(EXERCISE DESCRIPTION)
Repeat each entry as written and leave the images out of the copy.
*** Opening TASK INPUTS ***
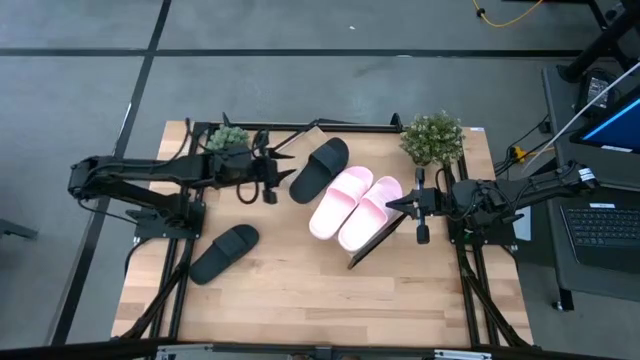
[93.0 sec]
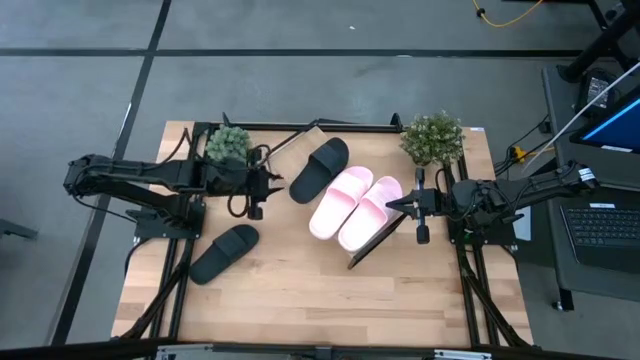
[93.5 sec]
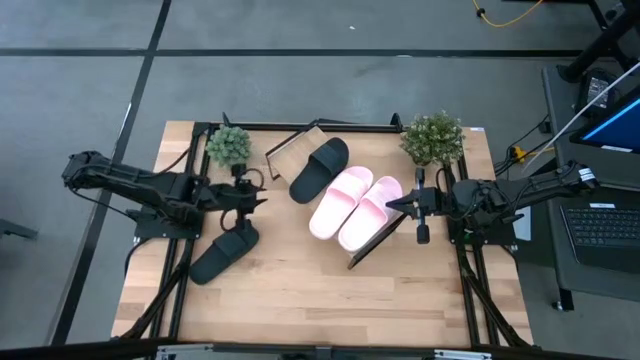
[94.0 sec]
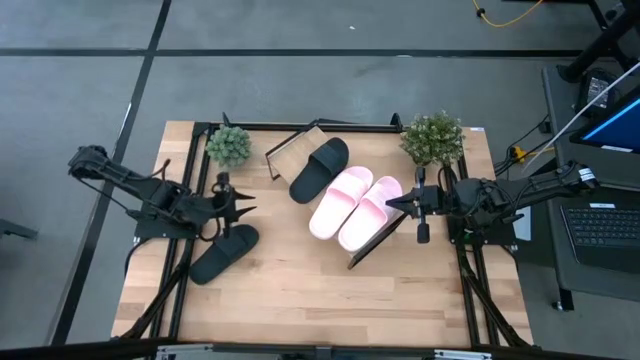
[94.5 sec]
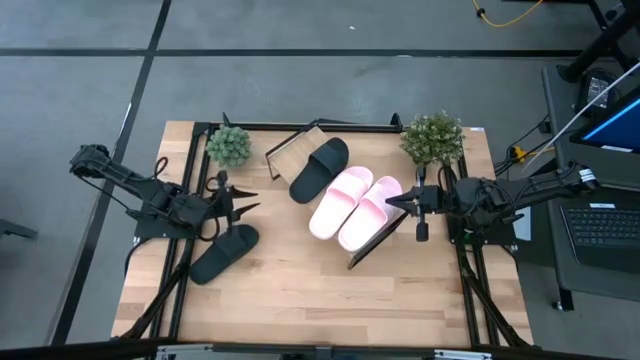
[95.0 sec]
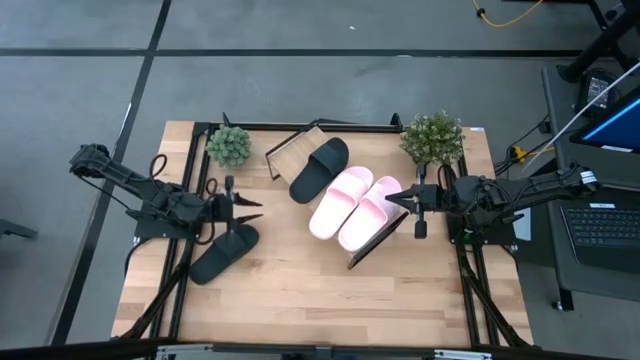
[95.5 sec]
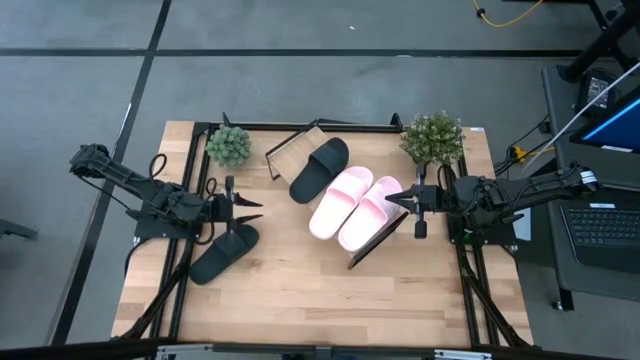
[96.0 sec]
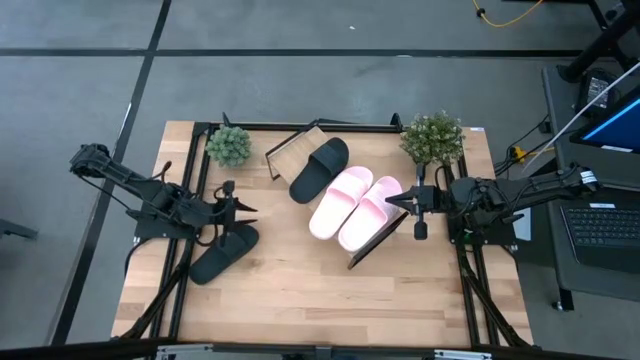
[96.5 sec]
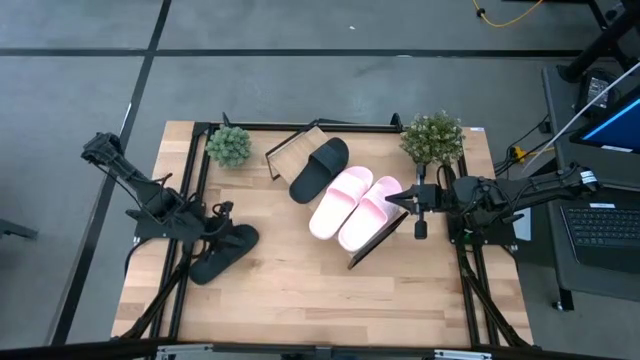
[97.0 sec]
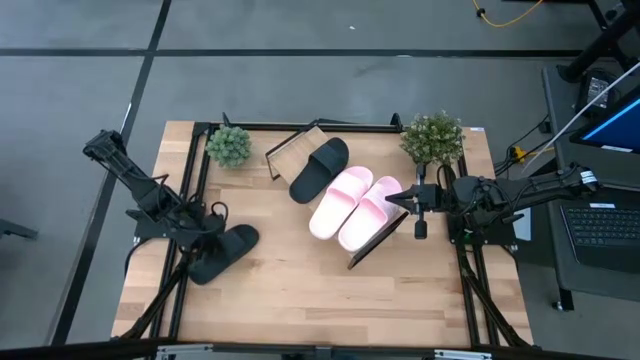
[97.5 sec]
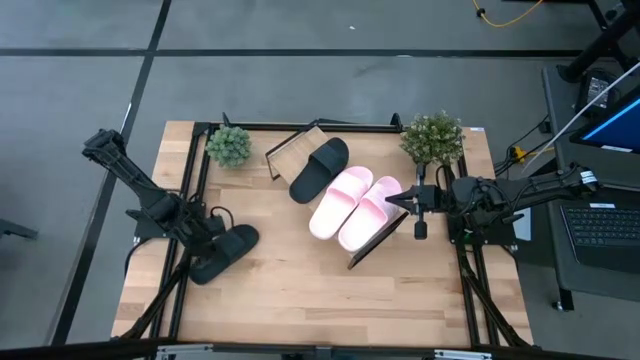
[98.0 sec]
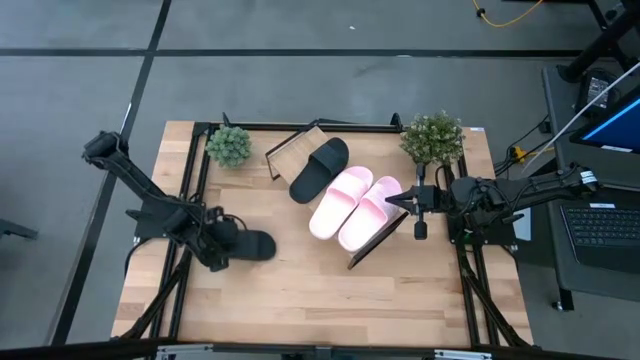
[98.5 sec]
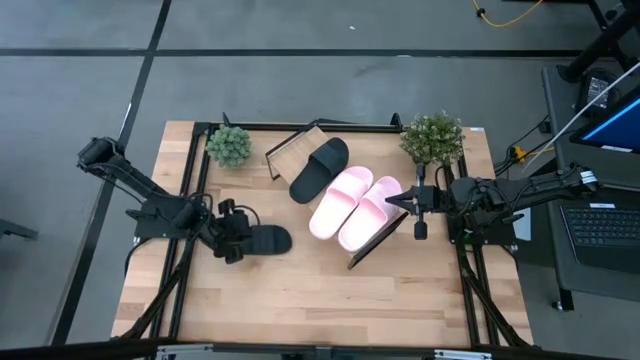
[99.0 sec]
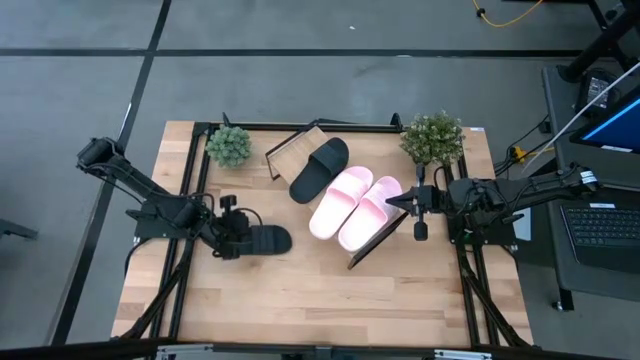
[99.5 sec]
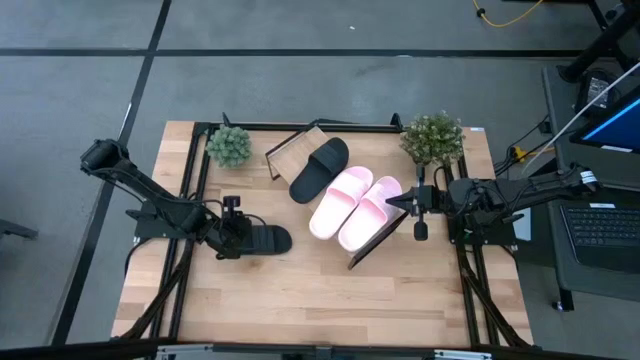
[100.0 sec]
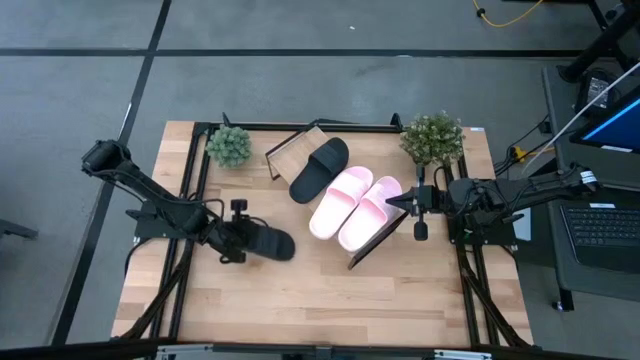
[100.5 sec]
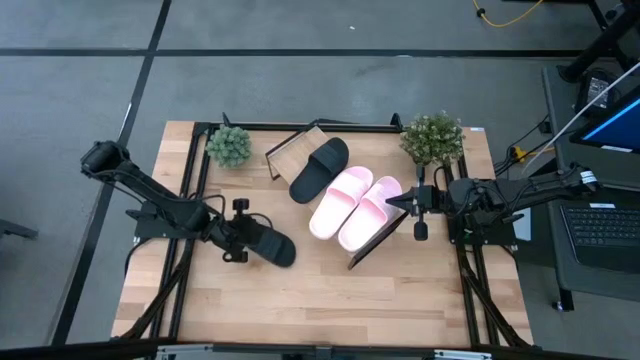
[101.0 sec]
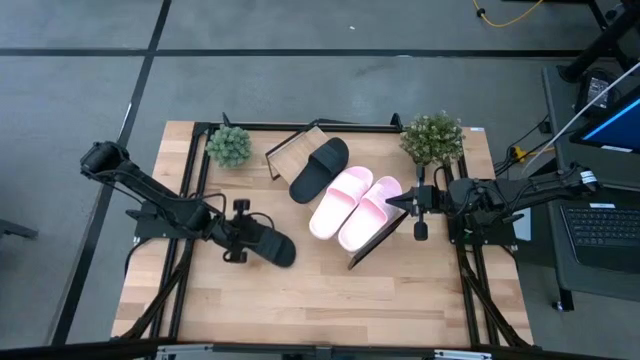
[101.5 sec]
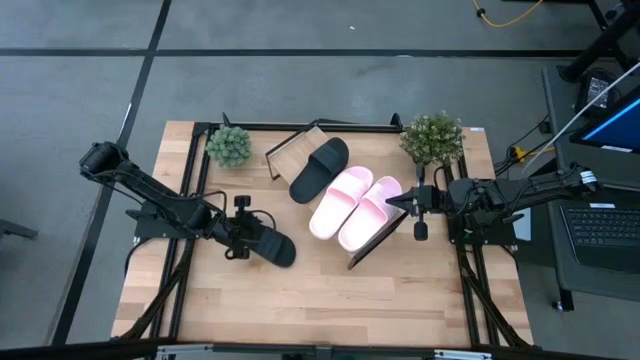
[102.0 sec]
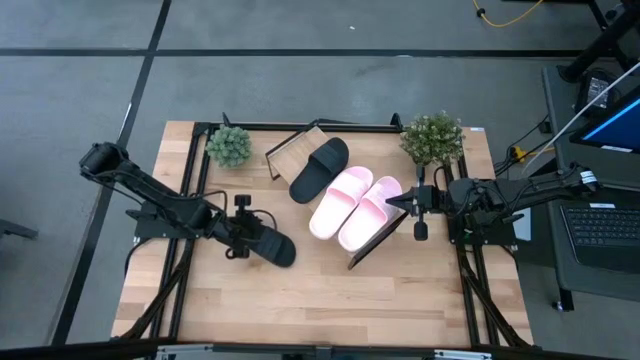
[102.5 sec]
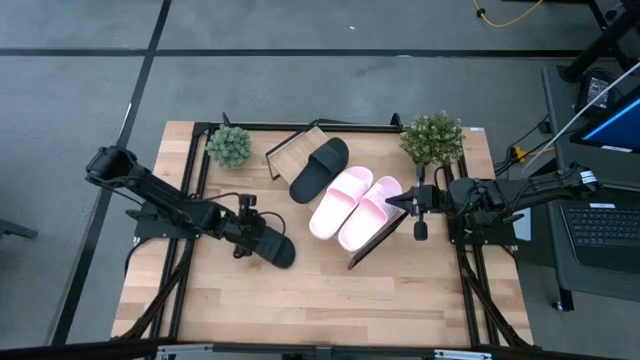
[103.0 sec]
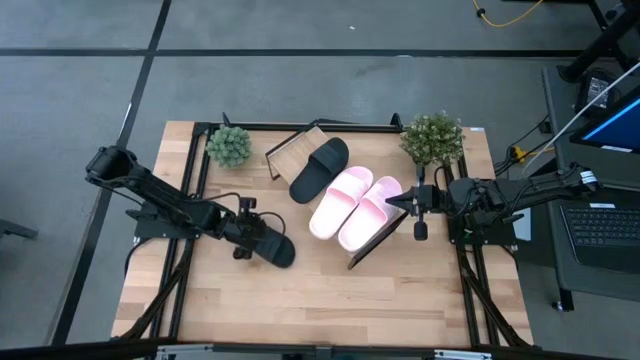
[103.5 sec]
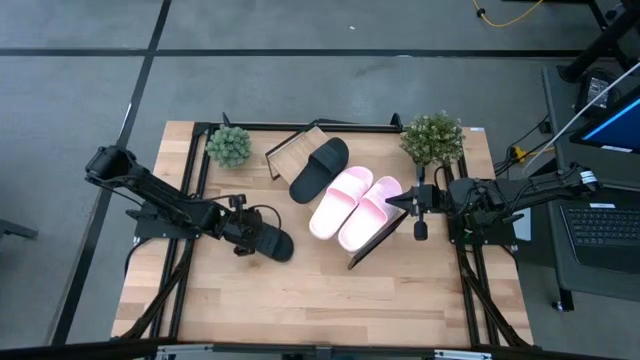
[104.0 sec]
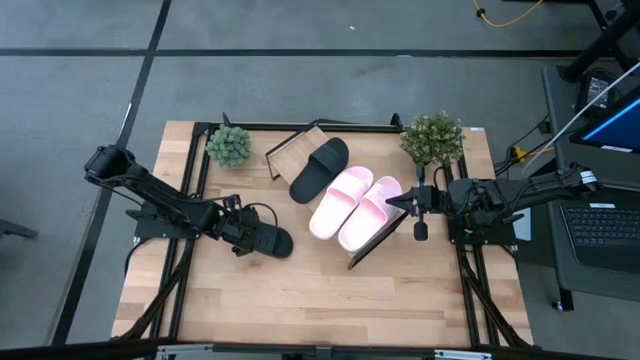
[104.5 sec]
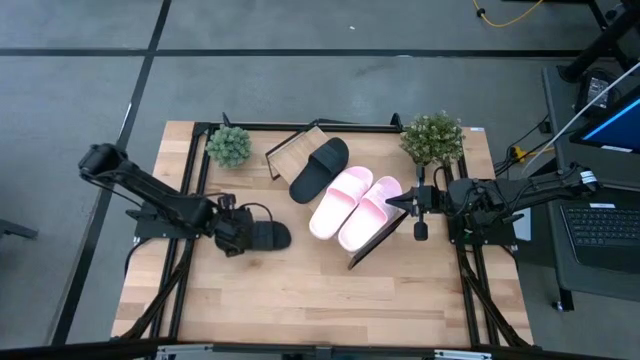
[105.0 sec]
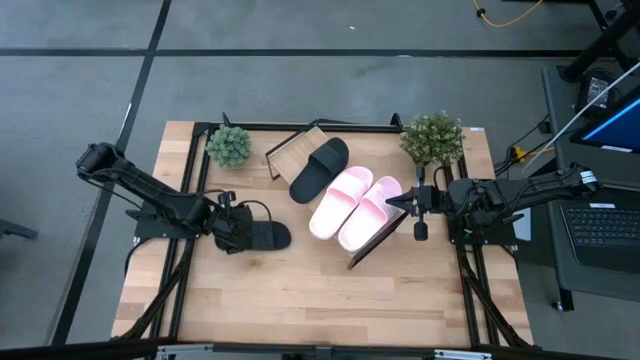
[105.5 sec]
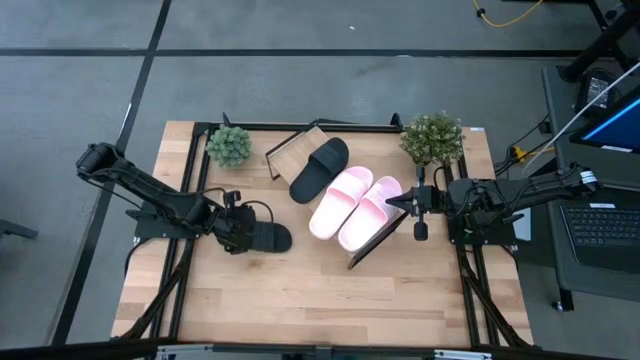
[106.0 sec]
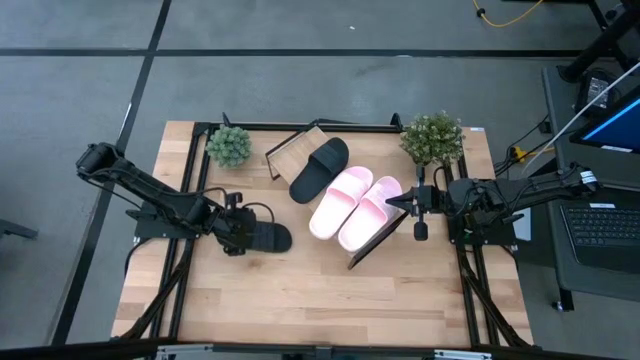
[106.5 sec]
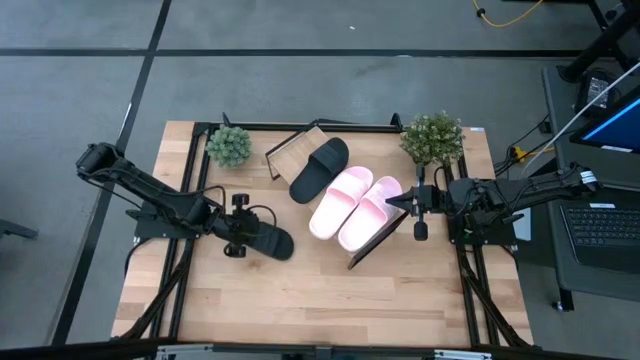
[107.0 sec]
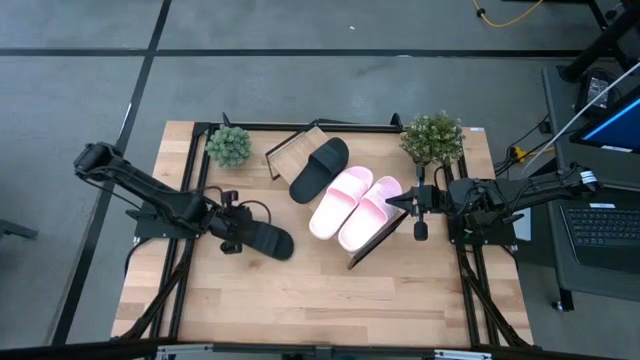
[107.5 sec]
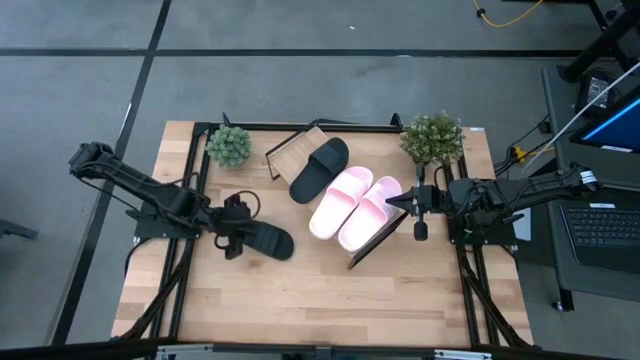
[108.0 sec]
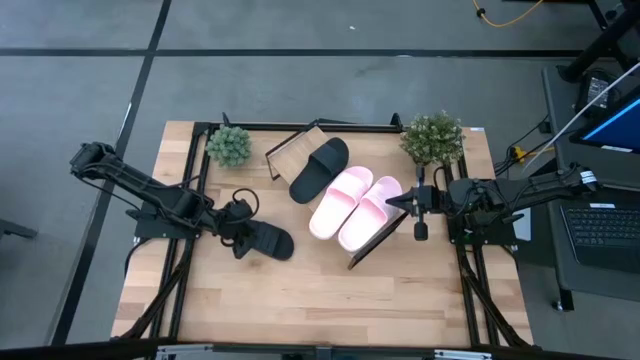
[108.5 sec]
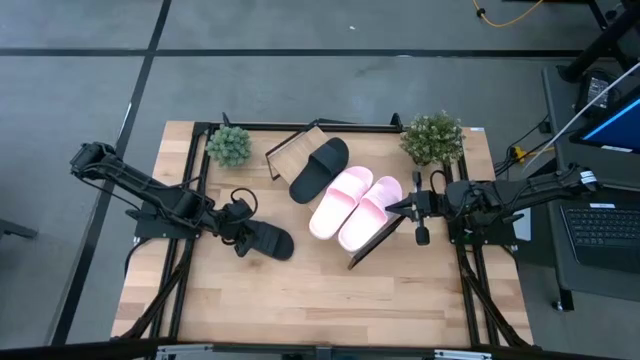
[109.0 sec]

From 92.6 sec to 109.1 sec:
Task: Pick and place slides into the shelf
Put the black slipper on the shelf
*** Closing TASK INPUTS ***
(RESULT OF THIS TASK)
[93.0 sec]
[93.5 sec]
[94.0 sec]
[94.5 sec]
[95.0 sec]
[95.5 sec]
[96.0 sec]
[96.5 sec]
[97.0 sec]
[97.5 sec]
[98.0 sec]
[98.5 sec]
[99.0 sec]
[99.5 sec]
[100.0 sec]
[100.5 sec]
[101.0 sec]
[101.5 sec]
[102.0 sec]
[102.5 sec]
[103.0 sec]
[103.5 sec]
[104.0 sec]
[104.5 sec]
[105.0 sec]
[105.5 sec]
[106.0 sec]
[106.5 sec]
[107.0 sec]
[107.5 sec]
[108.0 sec]
[108.5 sec]
[109.0 sec]

From 92.6 sec to 109.1 sec:
Task: Pick and place slides into the shelf
Put the black slipper on the shelf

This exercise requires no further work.